(Data items)

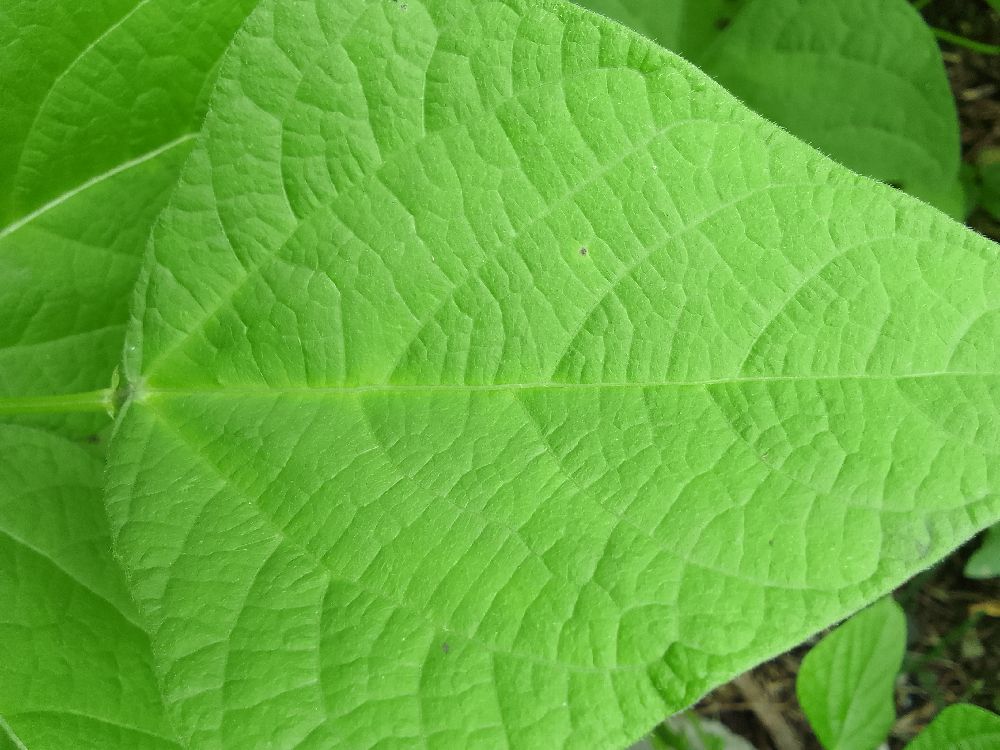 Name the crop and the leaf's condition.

common bean, healthy
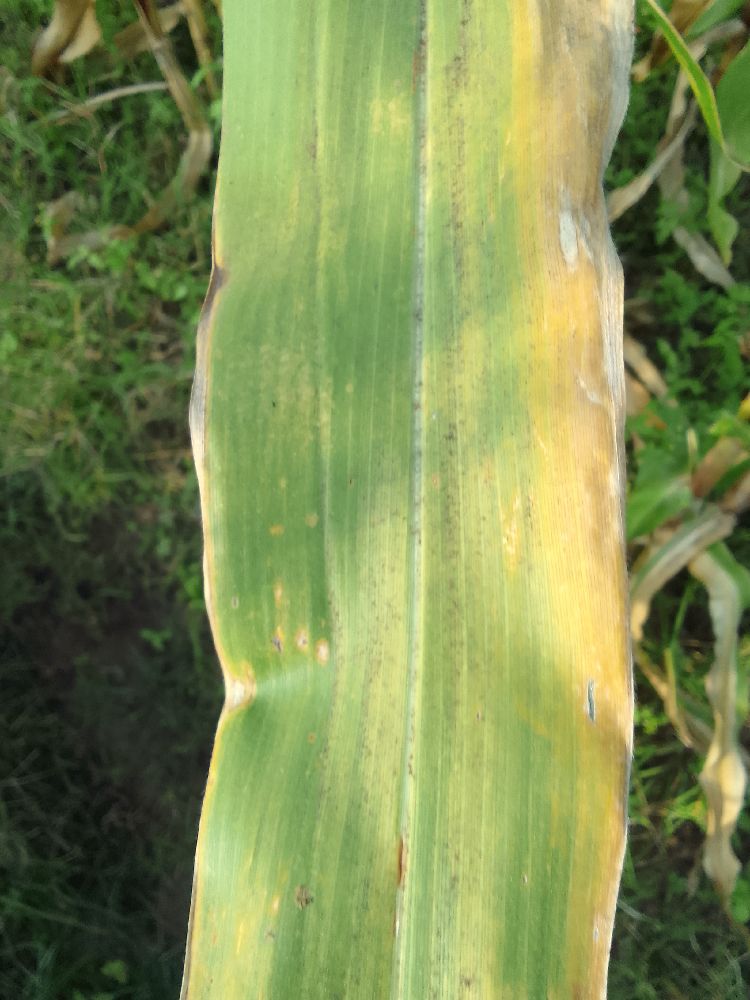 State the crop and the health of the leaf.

maize, maize lethal necrosis
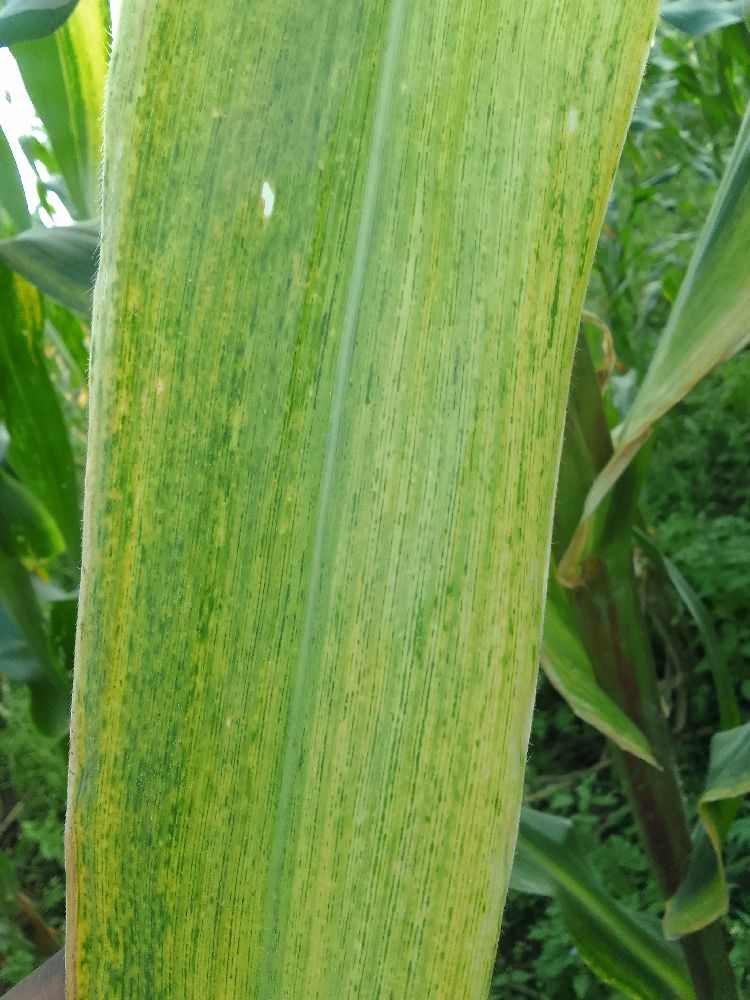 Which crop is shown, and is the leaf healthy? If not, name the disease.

maize, maize lethal necrosis
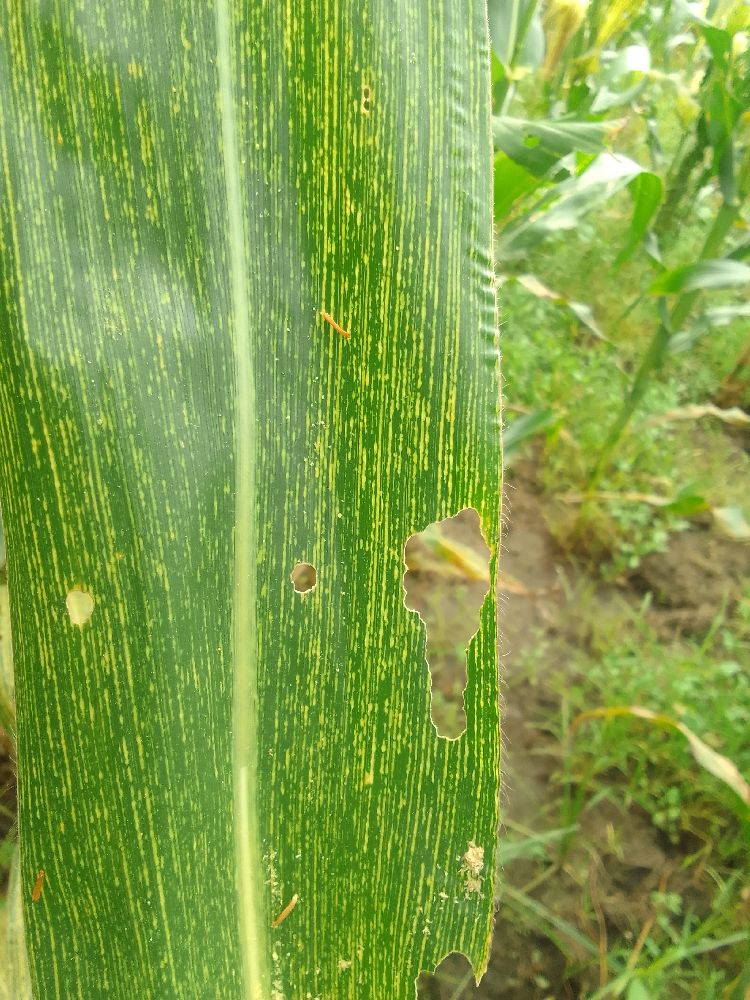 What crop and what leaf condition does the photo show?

maize, maize streak virus
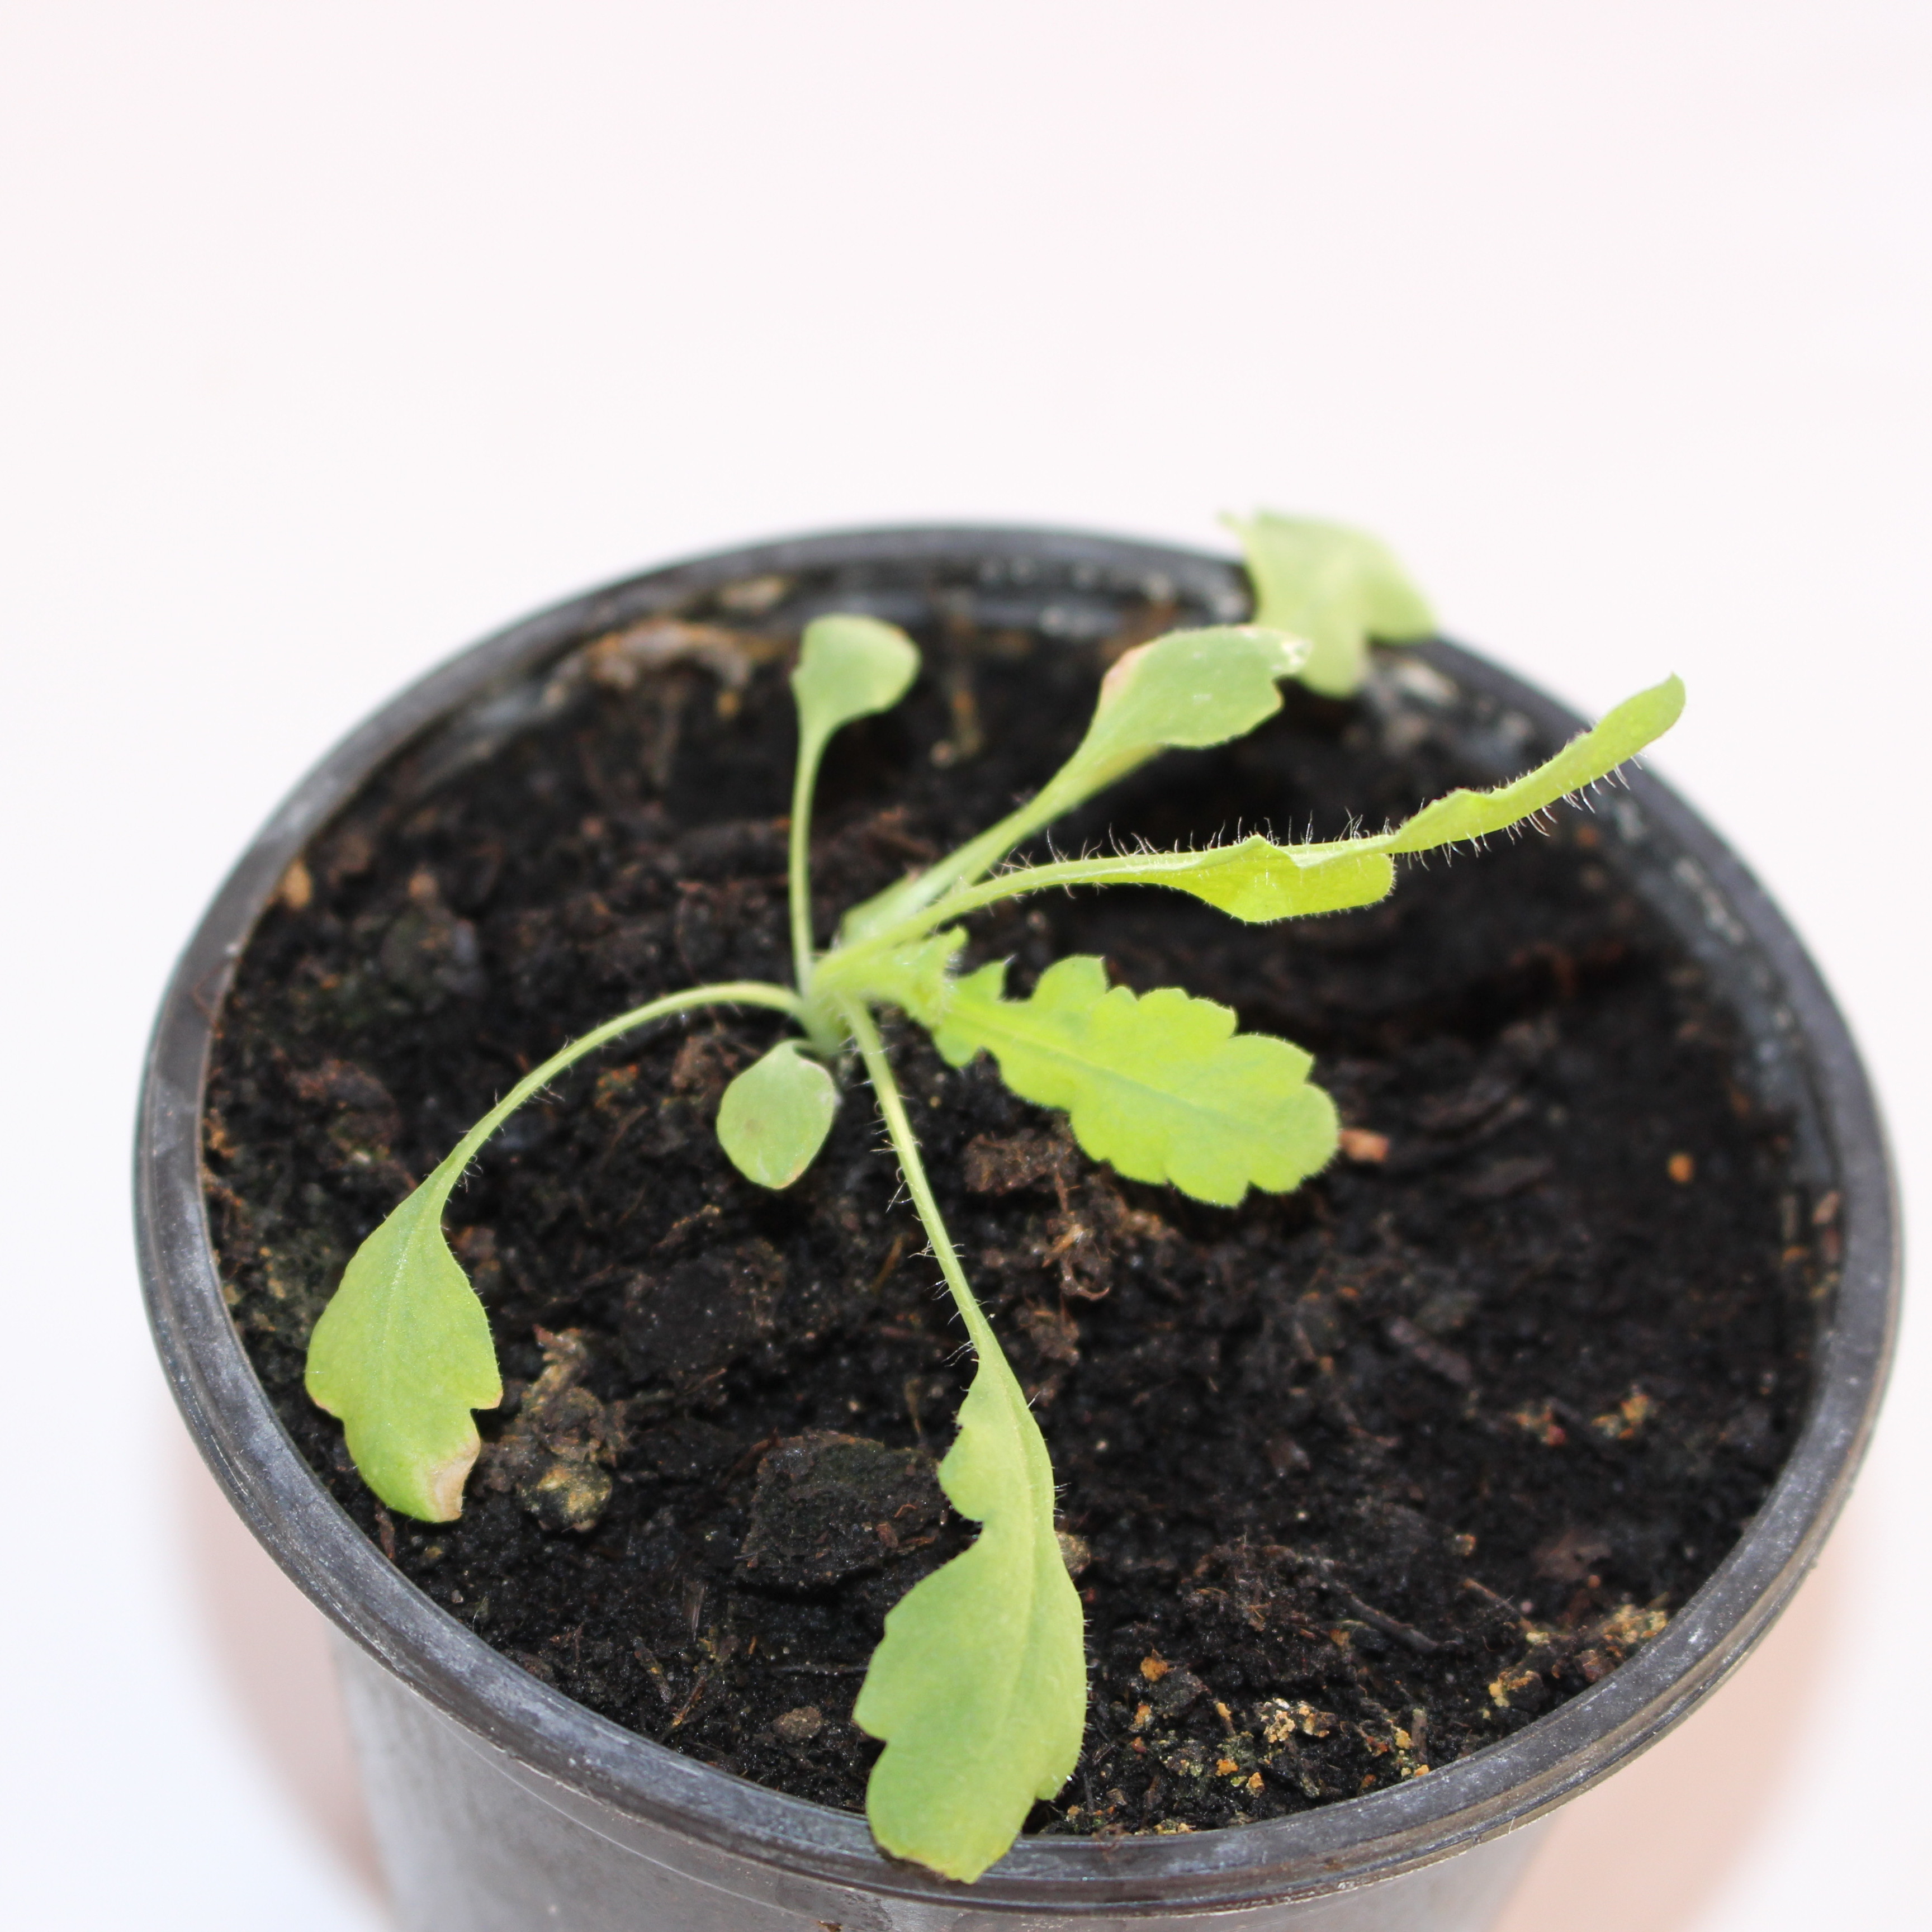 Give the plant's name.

> WHAT TO WORK ON
Please retype only the lines from the line that holds "State the crop and the health of the leaf." through the end of the records, exactly as they stand, and drop every picture.

> REPLY
 State the crop and the health of the leaf.

maize, maize lethal necrosis
 Which crop is shown, and is the leaf healthy? If not, name the disease.

maize, maize lethal necrosis
 What crop and what leaf condition does the photo show?

maize, maize streak virus
 Give the plant's name.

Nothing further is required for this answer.